→ WHAT IS BEING ASKED
Among the lines below, keep only those from the one containing "0 -42 -5 -65" through the one containing "8 9 26 20 40", and reproduce them exactly.

→ SUPPLIED DATA
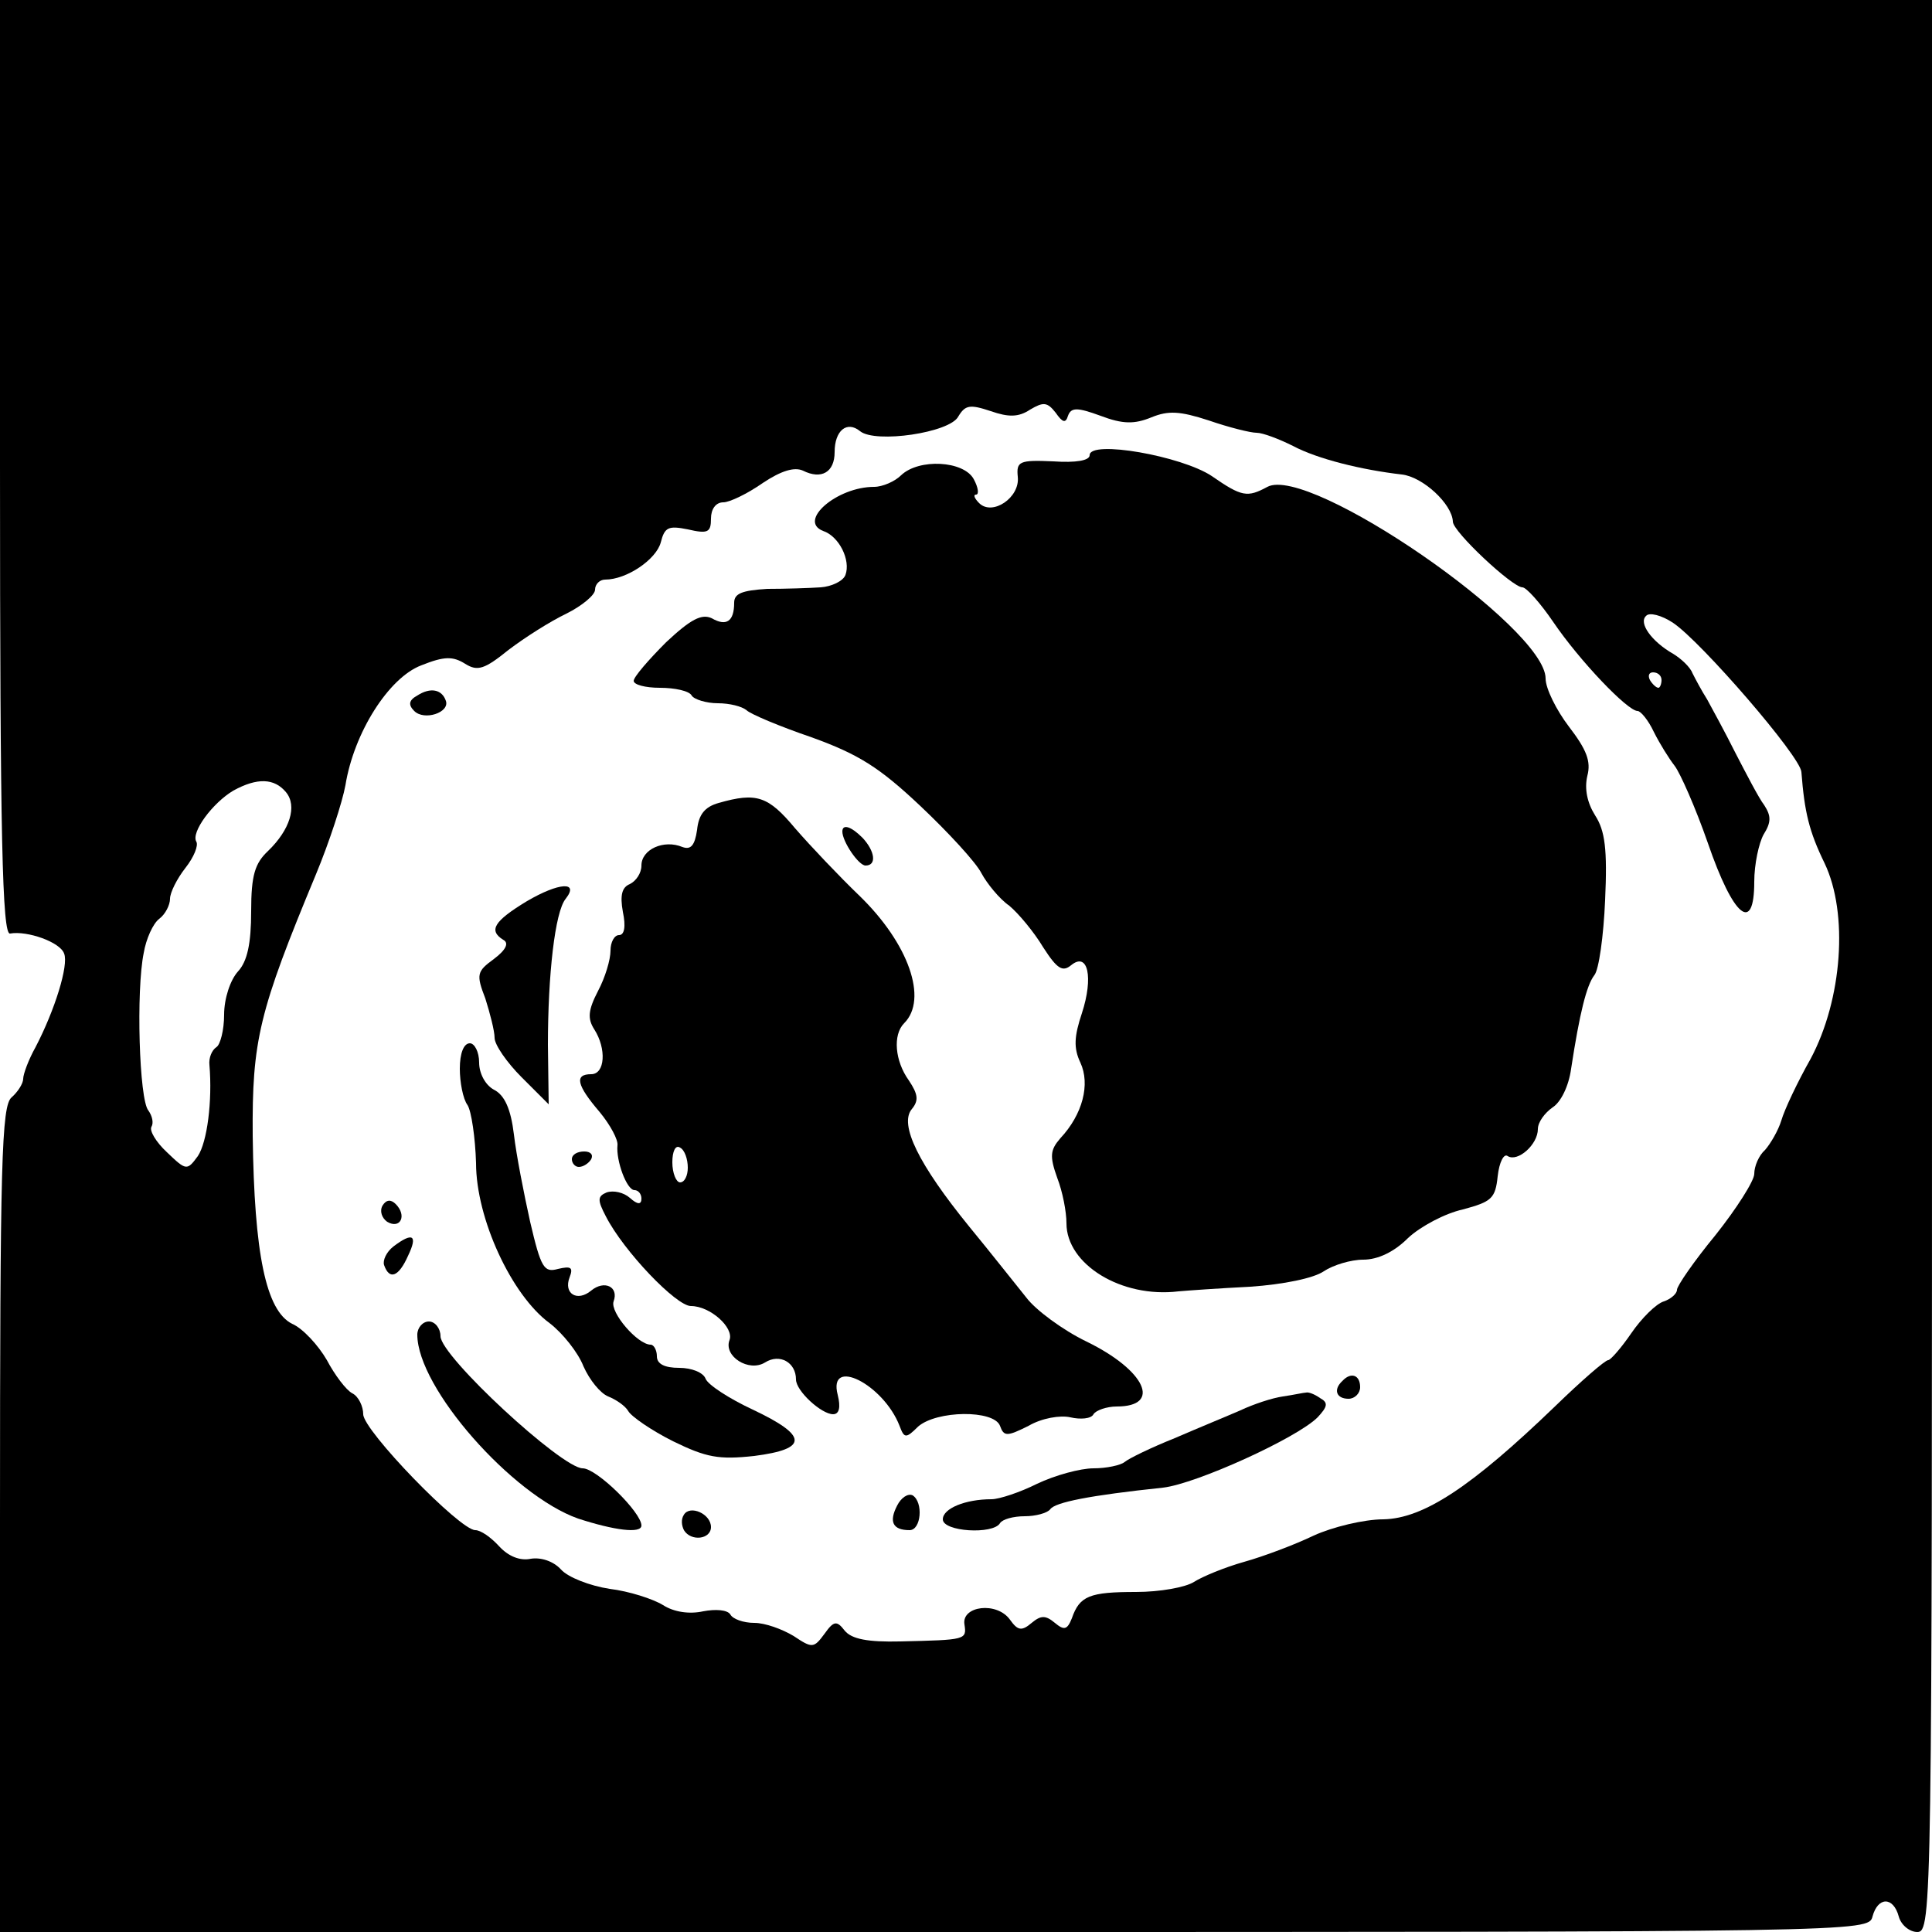<?xml version="1.0" standalone="no"?>
<!DOCTYPE svg PUBLIC "-//W3C//DTD SVG 20010904//EN"
 "http://www.w3.org/TR/2001/REC-SVG-20010904/DTD/svg10.dtd">
<svg version="1.0" xmlns="http://www.w3.org/2000/svg"
 width="250pt" height="250pt" viewBox="0 0 250 250"
 preserveAspectRatio="xMidYMid meet">
<g transform="translate(0,250) scale(0.1,-0.1)"
fill="#000000" stroke="none">
<path d="M0 1895 c0 -479 3 -605 13 -603 22 4 65 -11 70 -26 6 -15 -12 -73
-37 -121 -9 -16 -16 -35 -16 -41 0 -6 -7 -17 -15 -24 -13 -11 -15 -84 -15
-546 l0 -534 1209 0 c1200 0 1209 0 1214 20 7 26 27 26 34 0 3 -11 14 -20 24
-20 19 0 19 32 19 1250 l0 1250 -1250 0 -1250 0 0 -605z m1333 75 c17 10 22
10 33 -4 9 -13 13 -14 16 -4 4 11 12 11 42 0 29 -11 44 -11 66 -2 22 9 37 8
74 -4 26 -9 54 -16 62 -16 8 0 29 -8 47 -17 32 -17 89 -31 141 -37 27 -3 65
-38 66 -61 0 -13 77 -85 90 -85 5 0 23 -20 40 -45 34 -50 96 -115 109 -115 4
0 14 -12 21 -27 8 -16 20 -35 27 -44 7 -9 27 -54 43 -100 33 -96 60 -118 60
-50 0 23 6 50 12 61 10 16 10 24 1 38 -7 9 -23 40 -37 67 -14 28 -31 59 -37
70 -7 11 -15 26 -19 34 -3 8 -15 19 -25 25 -28 16 -45 40 -35 49 4 5 20 1 35
-9 36 -24 165 -173 166 -193 4 -52 10 -77 30 -118 31 -65 23 -176 -18 -253
-17 -30 -34 -66 -38 -80 -4 -13 -14 -30 -21 -38 -8 -7 -14 -21 -14 -31 0 -9
-23 -45 -50 -79 -28 -34 -50 -66 -50 -71 0 -5 -8 -12 -17 -15 -10 -3 -29 -22
-42 -41 -13 -19 -27 -35 -30 -35 -4 0 -35 -27 -69 -60 -108 -104 -170 -145
-222 -146 -25 0 -66 -10 -90 -21 -25 -12 -65 -27 -90 -34 -25 -7 -54 -19 -65
-26 -11 -7 -44 -13 -75 -13 -60 0 -73 -5 -83 -34 -6 -15 -10 -16 -22 -6 -12
10 -18 10 -30 0 -13 -11 -18 -10 -28 4 -17 24 -63 18 -59 -6 3 -20 2 -20 -83
-22 -42 -1 -63 3 -72 14 -10 13 -14 13 -26 -4 -14 -19 -16 -19 -40 -3 -15 9
-37 17 -51 17 -14 0 -28 5 -31 11 -4 6 -19 7 -35 4 -18 -4 -38 -1 -52 8 -13 8
-44 18 -69 21 -26 4 -54 15 -63 25 -10 11 -26 16 -39 14 -14 -3 -29 3 -41 16
-11 12 -24 21 -31 21 -20 0 -145 129 -145 150 0 10 -6 23 -14 27 -8 4 -23 24
-33 43 -11 19 -31 41 -45 47 -34 17 -49 91 -51 243 -1 124 8 161 82 339 17 41
34 93 38 115 11 68 56 139 98 155 30 12 41 12 57 2 16 -10 25 -7 56 18 21 16
54 37 75 47 20 10 37 24 37 31 0 7 6 13 13 13 28 0 66 26 72 48 5 20 10 22 35
17 26 -6 30 -4 30 14 0 12 6 21 16 21 8 0 31 11 51 25 24 16 41 21 52 16 24
-12 41 -2 41 24 0 28 16 41 33 27 20 -16 116 -2 127 19 9 15 15 16 42 7 23 -8
36 -8 51 2z m817 -350 c0 -5 -2 -10 -4 -10 -3 0 -8 5 -11 10 -3 6 -1 10 4 10
6 0 11 -4 11 -10z m-1780 -145 c15 -18 5 -49 -23 -76 -17 -16 -22 -31 -22 -78
0 -42 -5 -65 -17 -78 -10 -11 -18 -35 -18 -56 0 -20 -5 -39 -10 -42 -6 -4 -10
-14 -9 -23 4 -47 -3 -100 -15 -118 -14 -19 -15 -19 -40 5 -14 13 -23 28 -20
33 3 5 1 14 -4 21 -12 14 -16 156 -6 204 3 18 12 38 20 44 8 6 14 18 14 26 0
8 9 26 20 40 11 14 17 29 14 34 -7 12 21 50 48 66 31 17 53 16 68 -2z"/>
<path d="M1410 1911 c0 -7 -18 -10 -47 -8 -44 2 -48 0 -46 -20 3 -27 -33 -51
-50 -34 -6 6 -8 11 -4 11 4 0 3 9 -3 20 -13 24 -71 27 -94 5 -8 -8 -24 -15
-35 -15 -48 0 -99 -44 -66 -57 21 -7 36 -38 29 -57 -3 -8 -18 -15 -32 -16 -15
-1 -46 -2 -69 -2 -33 -2 -43 -6 -43 -18 0 -24 -10 -31 -29 -20 -13 6 -27 -1
-59 -31 -23 -23 -42 -45 -42 -50 0 -5 15 -9 34 -9 19 0 38 -4 41 -10 3 -5 19
-10 34 -10 15 0 31 -4 37 -9 5 -5 43 -21 84 -35 61 -22 88 -39 141 -89 36 -34
72 -73 79 -87 7 -13 23 -33 36 -42 12 -10 32 -34 44 -54 18 -28 25 -32 36 -23
22 18 29 -16 14 -62 -10 -30 -11 -45 -2 -64 13 -28 3 -67 -26 -98 -13 -15 -14
-23 -4 -51 7 -18 12 -44 12 -59 0 -53 71 -97 145 -88 11 1 53 4 93 6 43 3 82
11 95 20 12 8 35 15 51 15 19 0 40 10 58 28 16 15 48 32 71 37 37 10 42 14 45
43 2 18 8 30 13 26 13 -8 39 15 39 35 0 9 9 21 19 28 11 7 21 28 24 50 11 72
20 108 30 121 6 7 12 51 14 97 3 66 0 90 -13 110 -10 16 -14 34 -10 51 5 19
-1 34 -24 64 -16 21 -30 49 -30 62 0 66 -306 277 -360 248 -26 -14 -33 -13
-72 14 -39 26 -158 47 -158 27z"/>
<path d="M540 1600 c-11 -6 -12 -12 -4 -20 13 -13 46 -2 41 13 -5 15 -20 18
-37 7z"/>
<path d="M930 1461 c-18 -5 -26 -15 -28 -35 -3 -20 -8 -26 -19 -22 -24 10 -53
-3 -53 -24 0 -10 -7 -20 -15 -24 -10 -4 -13 -14 -9 -36 4 -19 2 -30 -5 -30 -6
0 -11 -9 -11 -20 0 -12 -7 -35 -16 -52 -13 -25 -14 -36 -5 -50 16 -25 14 -58
-4 -58 -22 0 -19 -14 11 -49 14 -17 24 -36 23 -43 -2 -20 12 -58 22 -58 5 0 9
-5 9 -11 0 -8 -5 -8 -15 1 -8 7 -21 10 -30 7 -12 -5 -12 -10 -1 -31 23 -45 91
-116 110 -116 25 0 56 -28 50 -44 -8 -21 25 -42 46 -29 19 12 40 0 40 -22 0
-15 33 -45 48 -45 8 0 10 9 6 25 -13 50 59 14 80 -40 6 -16 8 -17 24 -1 24 21
98 22 106 1 5 -14 9 -14 37 0 17 10 41 14 54 11 13 -3 27 -2 30 4 3 5 17 10
30 10 59 0 37 47 -39 84 -31 15 -66 41 -78 57 -13 16 -46 58 -74 92 -65 80
-91 132 -74 152 9 11 8 19 -4 37 -18 25 -21 59 -6 74 31 31 6 103 -58 165 -26
25 -63 64 -83 87 -35 42 -50 47 -99 33z m-40 -472 c0 -10 -4 -19 -10 -19 -5 0
-10 12 -10 26 0 14 4 23 10 19 6 -3 10 -15 10 -26z"/>
<path d="M1090 1424 c0 -13 21 -44 30 -44 15 0 12 19 -4 36 -15 15 -26 18 -26
8z"/>
<path d="M682 1334 c-43 -26 -50 -38 -31 -50 8 -4 4 -13 -12 -25 -22 -16 -23
-20 -11 -51 6 -19 12 -42 12 -51 0 -9 16 -32 35 -51 l35 -35 -1 77 c0 90 9
172 23 189 18 23 -9 21 -50 -3z"/>
<path d="M595 1117 c0 -17 4 -39 10 -47 5 -8 10 -42 11 -75 0 -72 46 -171 95
-207 17 -13 37 -38 44 -56 8 -18 22 -35 32 -39 10 -4 22 -12 26 -19 4 -7 30
-25 58 -39 43 -21 59 -24 105 -19 70 9 70 26 -2 60 -30 14 -58 32 -61 40 -3 8
-18 14 -34 14 -19 0 -29 5 -29 15 0 8 -4 15 -8 15 -17 0 -53 42 -48 56 7 19
-12 28 -29 14 -18 -15 -36 -4 -28 17 5 13 2 15 -15 11 -18 -5 -22 1 -36 61 -8
36 -18 87 -21 113 -4 33 -12 51 -26 58 -11 6 -19 21 -19 35 0 14 -6 25 -12 25
-8 0 -13 -13 -13 -33z"/>
<path d="M740 1000 c0 -5 4 -10 9 -10 6 0 13 5 16 10 3 6 -1 10 -9 10 -9 0
-16 -4 -16 -10z"/>
<path d="M495 940 c-4 -7 -1 -16 6 -21 17 -10 26 8 11 23 -6 6 -12 6 -17 -2z"/>
<path d="M509 887 c-9 -7 -14 -18 -12 -24 7 -20 19 -15 31 12 13 27 6 31 -19
12z"/>
<path d="M540 773 c0 -69 123 -208 208 -238 46 -15 82 -20 82 -9 0 17 -58 74
-76 74 -27 0 -184 145 -184 171 0 10 -7 19 -15 19 -8 0 -15 -8 -15 -17z"/>
<path d="M1737 713 c-12 -11 -8 -23 8 -23 8 0 15 7 15 15 0 16 -12 20 -23 8z"/>
<path d="M1660 693 c-14 -2 -38 -10 -55 -18 -16 -7 -55 -23 -85 -36 -30 -12
-59 -26 -65 -31 -5 -4 -23 -8 -40 -8 -17 0 -50 -9 -73 -20 -22 -11 -49 -20
-59 -20 -34 0 -63 -12 -63 -26 0 -16 65 -20 74 -5 3 5 17 9 32 9 14 0 29 4 33
9 6 9 51 18 146 28 43 5 173 64 200 91 13 14 14 19 3 25 -7 5 -15 8 -18 7 -3
0 -16 -3 -30 -5z"/>
<path d="M1161 552 c-11 -21 -6 -32 16 -32 15 0 18 36 4 45 -6 3 -15 -3 -20
-13z"/>
<path d="M885 540 c-4 -6 -3 -14 0 -20 9 -15 35 -12 35 4 0 17 -27 29 -35 16z"/>
</g>
</svg>

→ EXERCISE RESULT
0 -42 -5 -65 -17 -78 -10 -11 -18 -35 -18 -56 0 -20 -5 -39 -10 -42 -6 -4 -10
-14 -9 -23 4 -47 -3 -100 -15 -118 -14 -19 -15 -19 -40 5 -14 13 -23 28 -20
33 3 5 1 14 -4 21 -12 14 -16 156 -6 204 3 18 12 38 20 44 8 6 14 18 14 26 0
8 9 26 20 40 11 14 17 29 14 34 -7 12 21 50 48 66 31 17 53 16 68 -2z"/>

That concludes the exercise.